Esta iniciativa surgió en 2010 con fondos propios del centro y en los seis años de estudio se han contabilizado unas 250 especies, entre peces, aves, moluscos y mariposas.

“Nosotros traemos las muestras genéticas de todas las especies posibles y lo que hacemos es guardar esa información en el laboratorio”, indicó Jorge Huete Pérez, vicerrector de la UCA y director del CBM, quien añadió que la importancia de esta práctica radica en la obtención de conocimientos futuros sobre especies que, debido al daño medioambiental, podrían desaparecer.

MÁS TERRENO

Para el estudio, el CBM instaló estaciones en Estero Real y Padre Ramos, que fueron elegidas debido a la importante producción de camarones de la zona y la biodiversidad ahí encontrada.

Sin embargo, también han logrado extenderse al Caribe de Nicaragua con algunas muestras genéticas provenientes de Corn Island.

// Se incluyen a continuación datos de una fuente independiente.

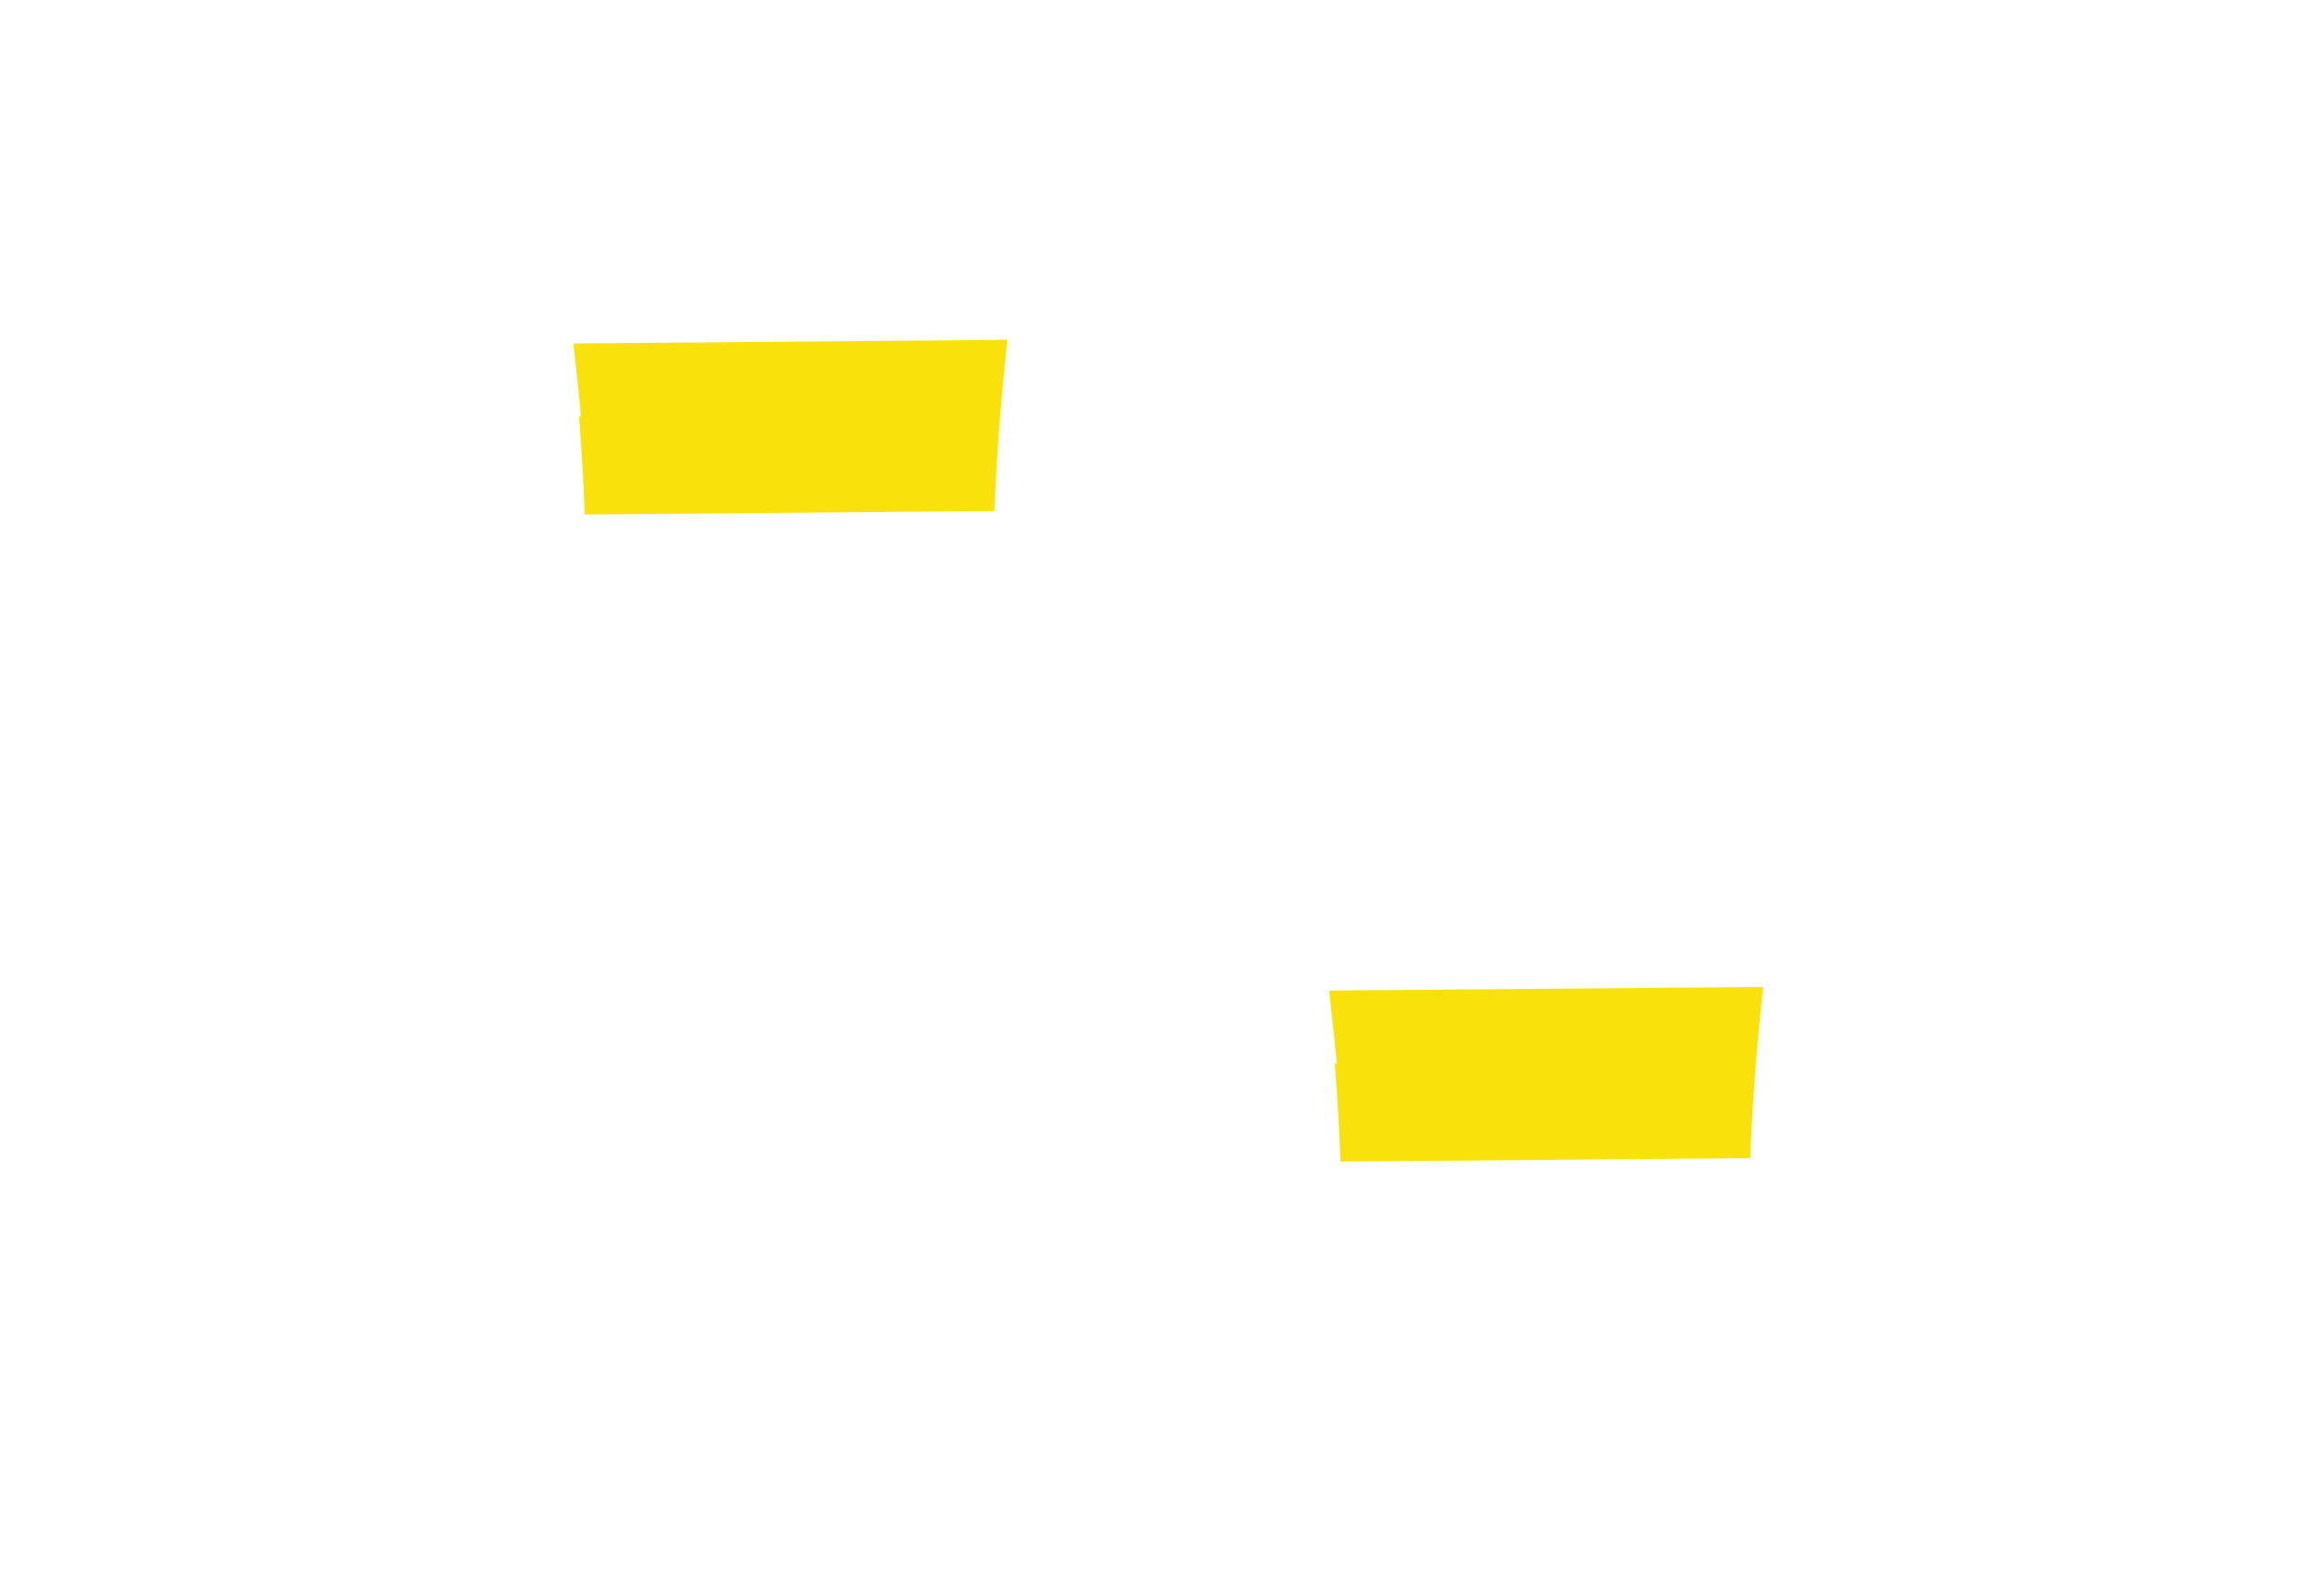 <?xml version="1.0" encoding="utf-8"?>
<!-- Generator: Adobe Illustrator 25.3.1, SVG Export Plug-In . SVG Version: 6.00 Build 0)  -->
<svg version="1.1" id="Base" xmlns="http://www.w3.org/2000/svg" xmlns:xlink="http://www.w3.org/1999/xlink" x="0px" y="0px"
	 viewBox="0 0 2353.3 1599.2" style="enable-background:new 0 0 2353.3 1599.2;" xml:space="preserve">
<style type="text/css">
	.st0{fill:#F9E20B;}
</style>
<path class="st0" d="M1020.1,344.2l-439.5,3.7c3.6,32.9,7.3,66.9,7.7,74.4c-0.4-0.3-1.1-0.5-2-0.8c2.6,33.1,4.6,66.3,5.8,99.6
	l414.9-3.5C1009.2,459.6,1013.8,401.7,1020.1,344.2z"/>
<path class="st0" d="M1785.4,999.6l-439.5,3.7c3.6,32.9,7.3,66.9,7.7,74.4c-0.4-0.3-1.1-0.5-2-0.8c2.6,33.1,4.6,66.3,5.8,99.6
	l414.9-3.5C1774.5,1114.9,1779.1,1057,1785.4,999.6z"/>
</svg>

Páiz anunció que pretenden continuar el proyecto y estudiar más zonas del Caribe porque es  área poco explorada y ahora con la extensión de territorio marítimo, producto del fallo de la Corte Internacional de Justicia de la Haya en el litigio con Colombia, “debemos conocer con lo que contamos en esta zona”, expuso.

CAPACITACIÓN EXTRANJERA

Según la coordinadora del proyecto, Lucía Páiz Medina, en Nicaragua el estudio de las especies se ha concentrado por las que tienen un interés económico, pero "con este proyecto estudiamos toda la biodiversidad marina independientemente de que tengan o no un interés económico".

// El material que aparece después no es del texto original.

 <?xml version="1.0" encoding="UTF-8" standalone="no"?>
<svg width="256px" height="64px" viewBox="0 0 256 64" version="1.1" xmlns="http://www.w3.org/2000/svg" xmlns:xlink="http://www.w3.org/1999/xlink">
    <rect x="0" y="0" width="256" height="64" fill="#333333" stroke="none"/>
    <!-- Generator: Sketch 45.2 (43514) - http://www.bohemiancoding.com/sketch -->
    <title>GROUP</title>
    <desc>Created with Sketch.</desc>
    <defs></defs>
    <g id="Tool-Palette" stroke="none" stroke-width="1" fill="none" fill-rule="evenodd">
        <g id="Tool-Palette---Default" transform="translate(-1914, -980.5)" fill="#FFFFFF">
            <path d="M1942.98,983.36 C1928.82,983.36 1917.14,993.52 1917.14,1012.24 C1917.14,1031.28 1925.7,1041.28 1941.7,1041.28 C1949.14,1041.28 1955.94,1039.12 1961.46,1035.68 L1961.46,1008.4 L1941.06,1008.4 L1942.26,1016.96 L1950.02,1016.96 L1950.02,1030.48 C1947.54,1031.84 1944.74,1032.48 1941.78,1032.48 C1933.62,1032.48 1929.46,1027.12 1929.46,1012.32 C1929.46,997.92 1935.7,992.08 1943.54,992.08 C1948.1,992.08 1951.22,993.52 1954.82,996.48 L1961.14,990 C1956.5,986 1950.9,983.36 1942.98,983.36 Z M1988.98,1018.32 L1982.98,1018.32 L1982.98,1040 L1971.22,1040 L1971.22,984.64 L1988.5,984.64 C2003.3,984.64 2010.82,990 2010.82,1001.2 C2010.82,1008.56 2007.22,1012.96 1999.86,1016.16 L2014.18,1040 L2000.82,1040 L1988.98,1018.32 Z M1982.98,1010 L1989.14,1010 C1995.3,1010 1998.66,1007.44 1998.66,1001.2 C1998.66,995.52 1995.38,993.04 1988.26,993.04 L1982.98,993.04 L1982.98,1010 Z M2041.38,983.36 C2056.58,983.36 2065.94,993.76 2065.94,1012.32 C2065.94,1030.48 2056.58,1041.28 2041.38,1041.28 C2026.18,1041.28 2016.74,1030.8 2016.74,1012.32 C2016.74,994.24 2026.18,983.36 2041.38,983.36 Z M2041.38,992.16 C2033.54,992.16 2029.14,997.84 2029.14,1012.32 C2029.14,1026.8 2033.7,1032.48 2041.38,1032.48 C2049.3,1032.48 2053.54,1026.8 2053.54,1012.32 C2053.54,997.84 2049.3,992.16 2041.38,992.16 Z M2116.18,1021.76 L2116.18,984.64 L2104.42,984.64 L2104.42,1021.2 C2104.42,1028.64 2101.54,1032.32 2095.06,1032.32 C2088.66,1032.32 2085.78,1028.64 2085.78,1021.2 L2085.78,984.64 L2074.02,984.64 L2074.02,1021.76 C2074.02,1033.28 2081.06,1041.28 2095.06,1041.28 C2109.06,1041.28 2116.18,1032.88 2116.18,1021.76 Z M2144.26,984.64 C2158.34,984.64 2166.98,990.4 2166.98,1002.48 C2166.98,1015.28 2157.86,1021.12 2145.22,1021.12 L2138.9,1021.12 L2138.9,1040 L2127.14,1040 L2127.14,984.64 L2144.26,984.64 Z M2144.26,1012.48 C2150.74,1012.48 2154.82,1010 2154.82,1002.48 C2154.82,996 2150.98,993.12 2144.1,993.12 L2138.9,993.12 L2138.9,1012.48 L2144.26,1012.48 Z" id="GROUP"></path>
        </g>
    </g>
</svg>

Todos los resultados de las investigaciones serán llevados hasta las comunidades, con el propósito de brindarles la información necesaria para conocer el valor de la conservación del medioambiente.

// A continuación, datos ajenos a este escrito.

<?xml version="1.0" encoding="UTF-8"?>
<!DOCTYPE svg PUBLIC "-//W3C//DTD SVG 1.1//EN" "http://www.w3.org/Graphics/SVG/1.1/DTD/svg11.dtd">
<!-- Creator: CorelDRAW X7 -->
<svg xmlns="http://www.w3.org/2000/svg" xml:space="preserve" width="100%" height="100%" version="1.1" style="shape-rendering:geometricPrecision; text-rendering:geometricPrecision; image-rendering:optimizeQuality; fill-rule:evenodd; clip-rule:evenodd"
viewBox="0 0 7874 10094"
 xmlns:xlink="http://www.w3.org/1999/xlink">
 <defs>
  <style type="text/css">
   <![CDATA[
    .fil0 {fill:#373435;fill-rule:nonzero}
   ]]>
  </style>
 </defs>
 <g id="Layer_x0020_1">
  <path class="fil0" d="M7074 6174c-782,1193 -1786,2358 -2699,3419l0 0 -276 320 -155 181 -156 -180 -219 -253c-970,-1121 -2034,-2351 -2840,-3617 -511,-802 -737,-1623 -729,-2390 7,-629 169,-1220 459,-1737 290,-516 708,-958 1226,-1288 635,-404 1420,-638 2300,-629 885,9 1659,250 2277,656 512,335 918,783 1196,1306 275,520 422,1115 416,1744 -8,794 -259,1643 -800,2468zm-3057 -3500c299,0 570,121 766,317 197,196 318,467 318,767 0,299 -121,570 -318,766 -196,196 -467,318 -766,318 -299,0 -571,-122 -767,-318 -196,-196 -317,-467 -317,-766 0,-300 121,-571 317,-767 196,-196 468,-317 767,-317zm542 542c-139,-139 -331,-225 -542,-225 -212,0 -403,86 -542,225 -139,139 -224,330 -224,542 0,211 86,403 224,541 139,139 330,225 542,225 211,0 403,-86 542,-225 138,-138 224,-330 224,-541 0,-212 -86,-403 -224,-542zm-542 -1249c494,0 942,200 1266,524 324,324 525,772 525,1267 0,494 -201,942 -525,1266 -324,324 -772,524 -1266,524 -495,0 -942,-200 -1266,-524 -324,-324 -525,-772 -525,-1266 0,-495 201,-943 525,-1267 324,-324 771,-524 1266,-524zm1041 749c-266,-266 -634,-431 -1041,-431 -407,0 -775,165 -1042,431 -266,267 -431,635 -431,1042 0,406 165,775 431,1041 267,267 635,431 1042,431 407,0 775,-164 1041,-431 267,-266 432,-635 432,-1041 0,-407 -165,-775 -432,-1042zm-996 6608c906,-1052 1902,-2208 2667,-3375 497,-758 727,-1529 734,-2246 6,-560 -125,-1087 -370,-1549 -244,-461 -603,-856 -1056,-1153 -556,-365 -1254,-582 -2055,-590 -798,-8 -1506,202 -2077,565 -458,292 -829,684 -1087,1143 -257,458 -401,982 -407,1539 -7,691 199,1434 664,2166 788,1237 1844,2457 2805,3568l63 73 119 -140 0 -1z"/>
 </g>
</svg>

“La esperanza es que conociendo estas especies podamos hacer mejor uso de ellas”, explicó Jorge Huete, director del CBM.

Tener una base de datos de todas las especies existentes en la zona costera del Pacífico norte y sur del país “permitirá poder ejecutar acciones de preservación antes de que llegue a un punto crítico, comparar en el futuro las que existen en este momento y las que habrá después y facilitar nuevos estudios”, concluyó Páiz.